*TASK DIRECTIONS*
Return the listing exactly, please; no pictures.

*DATA FOR ANALYSIS*

-------

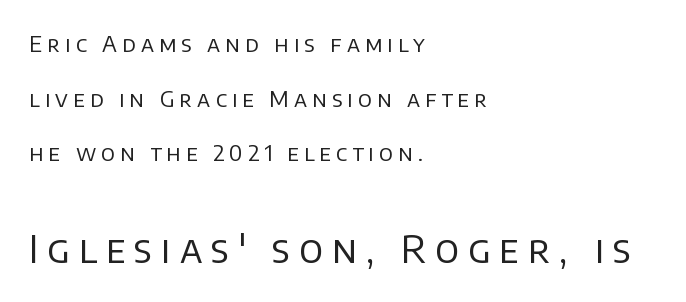
Q: Is the text bold? A: No.
Q: Is the text italic (slanted)? A: No, it is upright.
Q: Is the typeface a serif or a sans-serif typeface? A: Sans-serif.
Q: Is the text underlined? A: No.
Q: How is the paragraph aligned? A: Left-aligned.
Q: Is the spacing between letters normal or unusually wide? A: Unusually wide.
Q: Is the spacing between lines tight, normal or loose? A: Loose.
Q: Which block of text is set in a larger size, the first (top) or the second (bottom)? A: The second (bottom) one.
Q: Width (condensed, normal, or wide)? A: Normal.
Q: Stroke contrast? A: Low.
Q: x-height? A: Large.
Q: Monospaced? A: No.
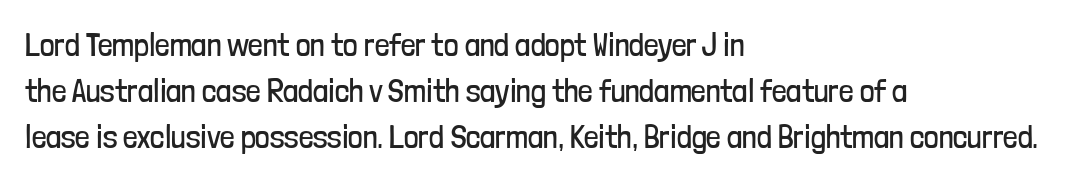
Q: Is the text bold? A: No.
Q: Is the text italic (slanted)? A: No, it is upright.
Q: Is the typeface a serif or a sans-serif typeface? A: Sans-serif.
Q: Is the text underlined? A: No.
Q: How is the paragraph aligned? A: Left-aligned.
Q: Is the spacing between letters normal or unusually wide? A: Normal.
Q: Is the spacing between lines tight, normal or loose? A: Normal.
Q: Width (condensed, normal, or wide)? A: Condensed.
Q: Stroke contrast? A: Low.
Q: x-height? A: Medium.
Q: Monospaced? A: No.
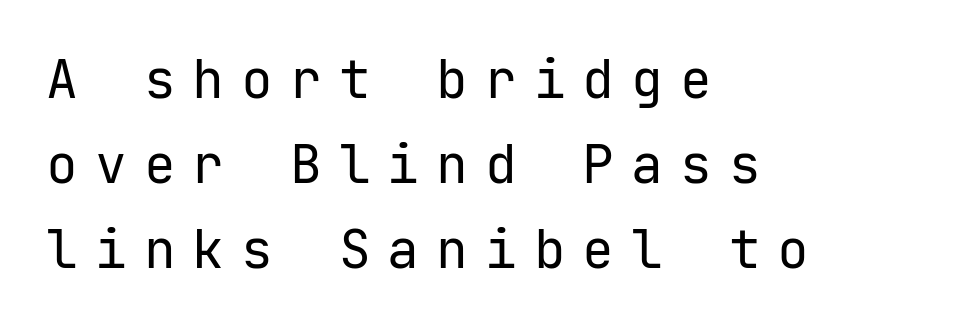
{"serif": "no", "italic": "no", "bold": "no", "weight": "regular", "width": "normal", "stroke_contrast": "low", "x_height": "medium", "monospaced": "yes", "underline": "no", "align": "left", "line_spacing": "normal", "line_spacing_ratio": 1.6, "letter_spacing": "wide", "letter_spacing_em": 0.32, "glyph_px": 53}
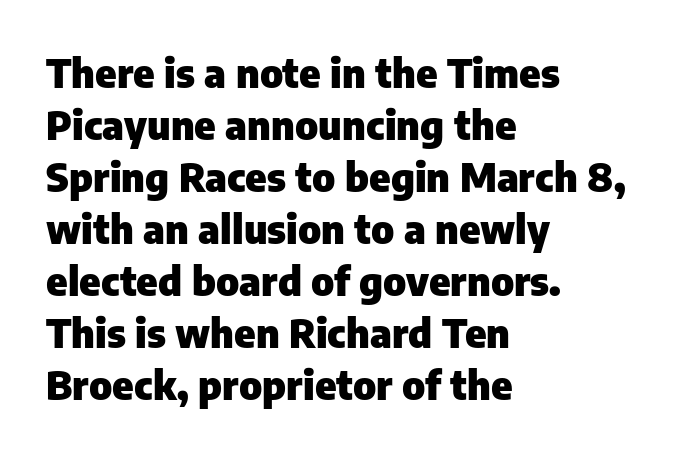
Q: Is the text bold? A: Yes.
Q: Is the text italic (slanted)? A: No, it is upright.
Q: Is the typeface a serif or a sans-serif typeface? A: Sans-serif.
Q: Is the text underlined? A: No.
Q: How is the paragraph aligned? A: Left-aligned.
Q: Is the spacing between letters normal or unusually wide? A: Normal.
Q: Is the spacing between lines tight, normal or loose? A: Normal.
Q: Width (condensed, normal, or wide)? A: Normal.
Q: Stroke contrast? A: Low.
Q: x-height? A: Medium.
Q: Monospaced? A: No.
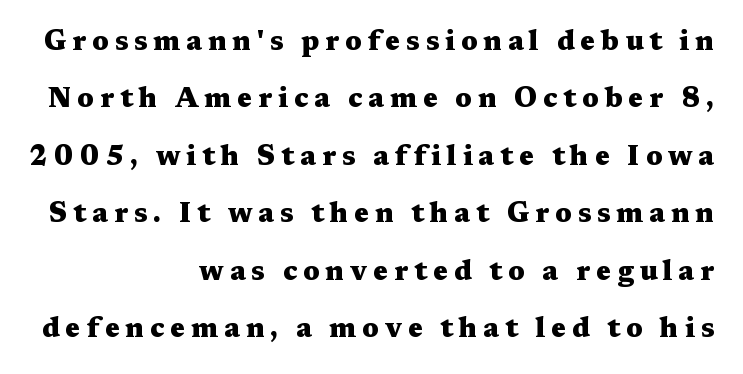
Looks like regular typesetting: each glyph gets only the width it needs. These lines carry a lot of weight — the face is fully bold. Short note: letters widely spaced. This block would shrink considerably if given ordinary leading; it's expanded now. Type without underlining.
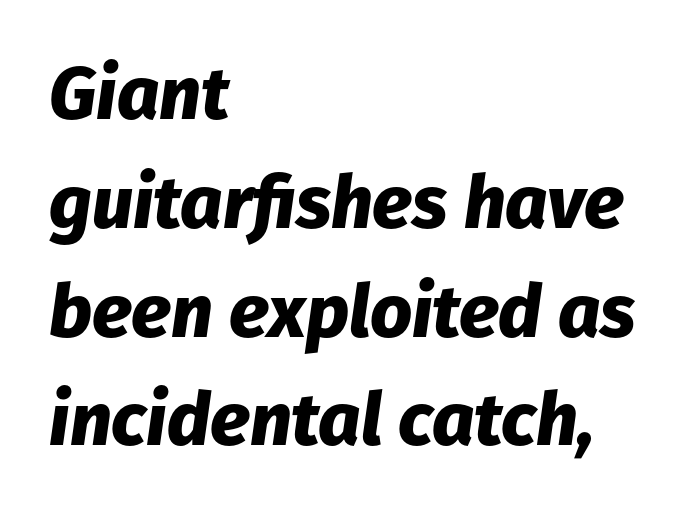
{"italic": "yes", "lean": "right", "slant_degrees": 8, "bold": "yes", "weight": "heavy", "width": "normal", "stroke_contrast": "low", "x_height": "medium", "monospaced": "no", "underline": "no", "align": "left", "line_spacing": "normal", "line_spacing_ratio": 1.47, "letter_spacing": "normal", "letter_spacing_em": 0.0, "glyph_px": 74}
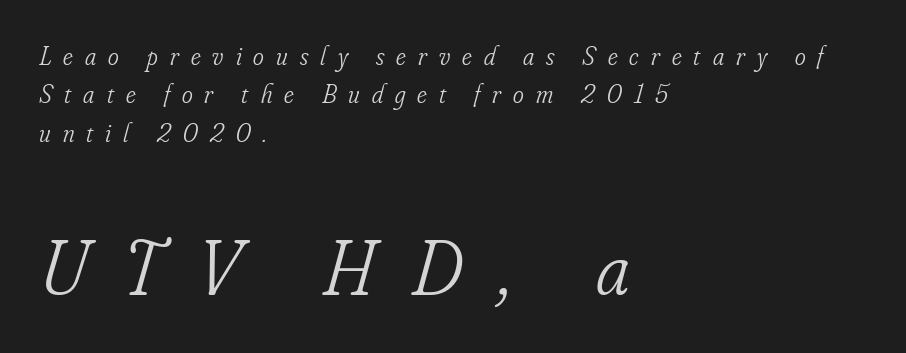
{"serif": "yes", "italic": "yes", "lean": "right", "slant_degrees": 16, "bold": "no", "weight": "light", "width": "condensed", "stroke_contrast": "low", "x_height": "small", "monospaced": "no", "underline": "no", "align": "left", "line_spacing": "normal", "line_spacing_ratio": 1.48, "letter_spacing": "wide", "letter_spacing_em": 0.46, "larger_block": "second", "size_ratio": 3.0, "glyph_px": 78}
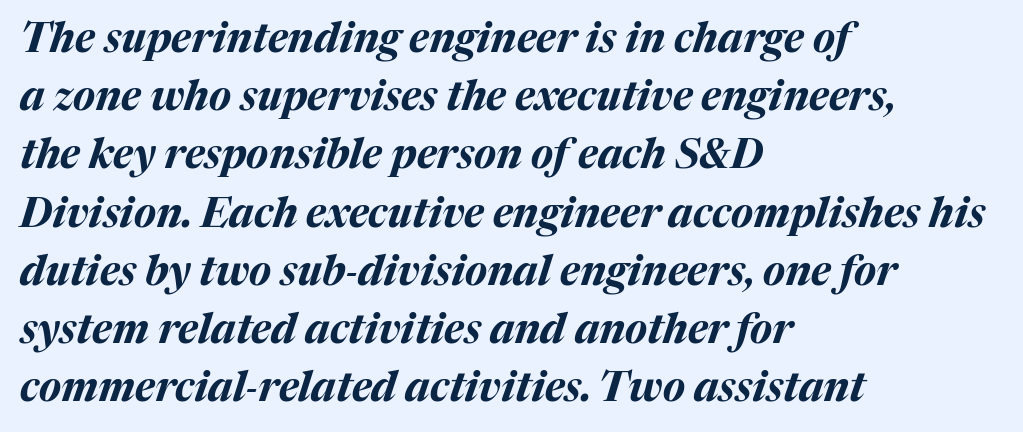
Tall strokes in this sample are angled rather than plumb. The space beneath each line is pristine and unruled. All the whitespace from short lines collects on the right. Observe the ordinary spacing: letters are neighbours, not strangers. Do the characters align in a grid? No, the font is proportional. Vertically, the passage feels balanced, rows spaced as you'd expect.
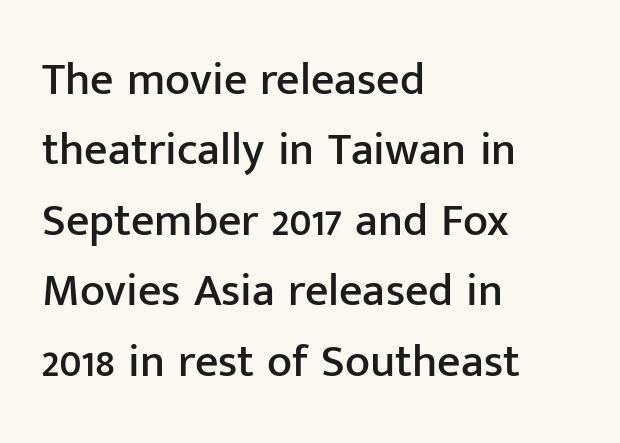
{"serif": "no", "italic": "no", "width": "normal", "stroke_contrast": "low", "x_height": "medium", "monospaced": "no", "underline": "no", "align": "left", "line_spacing": "normal", "line_spacing_ratio": 1.53, "letter_spacing": "normal", "letter_spacing_em": 0.0, "glyph_px": 46}

-------

*RESPONSE FOR THIS EXERCISE*
Q: Is the text bold? A: No.
Q: Is the text italic (slanted)? A: No, it is upright.
Q: Is the typeface a serif or a sans-serif typeface? A: Sans-serif.
Q: Is the text underlined? A: No.
Q: How is the paragraph aligned? A: Left-aligned.
Q: Is the spacing between letters normal or unusually wide? A: Unusually wide.
Q: Is the spacing between lines tight, normal or loose? A: Loose.
Q: Which block of text is set in a larger size, the first (top) or the second (bottom)? A: The second (bottom) one.
Q: Width (condensed, normal, or wide)? A: Normal.
Q: Stroke contrast? A: Low.
Q: x-height? A: Large.
Q: Monospaced? A: No.
Q: Is the text bold? A: No.
Q: Is the text italic (slanted)? A: No, it is upright.
Q: Is the typeface a serif or a sans-serif typeface? A: Sans-serif.
Q: Is the text underlined? A: No.
Q: How is the paragraph aligned? A: Left-aligned.
Q: Is the spacing between letters normal or unusually wide? A: Normal.
Q: Is the spacing between lines tight, normal or loose? A: Normal.
Q: Width (condensed, normal, or wide)? A: Condensed.
Q: Stroke contrast? A: Low.
Q: x-height? A: Medium.
Q: Monospaced? A: No.
{"serif": "no", "italic": "no", "bold": "no", "weight": "regular", "width": "normal", "stroke_contrast": "low", "x_height": "medium", "monospaced": "yes", "underline": "no", "align": "left", "line_spacing": "normal", "line_spacing_ratio": 1.6, "letter_spacing": "wide", "letter_spacing_em": 0.32, "glyph_px": 53}
Q: Is the text bold? A: Yes.
Q: Is the text italic (slanted)? A: No, it is upright.
Q: Is the typeface a serif or a sans-serif typeface? A: Sans-serif.
Q: Is the text underlined? A: No.
Q: How is the paragraph aligned? A: Left-aligned.
Q: Is the spacing between letters normal or unusually wide? A: Normal.
Q: Is the spacing between lines tight, normal or loose? A: Normal.
Q: Width (condensed, normal, or wide)? A: Normal.
Q: Stroke contrast? A: Low.
Q: x-height? A: Medium.
Q: Monospaced? A: No.
Looks like regular typesetting: each glyph gets only the width it needs. These lines carry a lot of weight — the face is fully bold. Short note: letters widely spaced. This block would shrink considerably if given ordinary leading; it's expanded now. Type without underlining.
{"italic": "yes", "lean": "right", "slant_degrees": 8, "bold": "yes", "weight": "heavy", "width": "normal", "stroke_contrast": "low", "x_height": "medium", "monospaced": "no", "underline": "no", "align": "left", "line_spacing": "normal", "line_spacing_ratio": 1.47, "letter_spacing": "normal", "letter_spacing_em": 0.0, "glyph_px": 74}
{"serif": "yes", "italic": "yes", "lean": "right", "slant_degrees": 16, "bold": "no", "weight": "light", "width": "condensed", "stroke_contrast": "low", "x_height": "small", "monospaced": "no", "underline": "no", "align": "left", "line_spacing": "normal", "line_spacing_ratio": 1.48, "letter_spacing": "wide", "letter_spacing_em": 0.46, "larger_block": "second", "size_ratio": 3.0, "glyph_px": 78}
Tall strokes in this sample are angled rather than plumb. The space beneath each line is pristine and unruled. All the whitespace from short lines collects on the right. Observe the ordinary spacing: letters are neighbours, not strangers. Do the characters align in a grid? No, the font is proportional. Vertically, the passage feels balanced, rows spaced as you'd expect.
{"serif": "no", "italic": "no", "width": "normal", "stroke_contrast": "low", "x_height": "medium", "monospaced": "no", "underline": "no", "align": "left", "line_spacing": "normal", "line_spacing_ratio": 1.53, "letter_spacing": "normal", "letter_spacing_em": 0.0, "glyph_px": 46}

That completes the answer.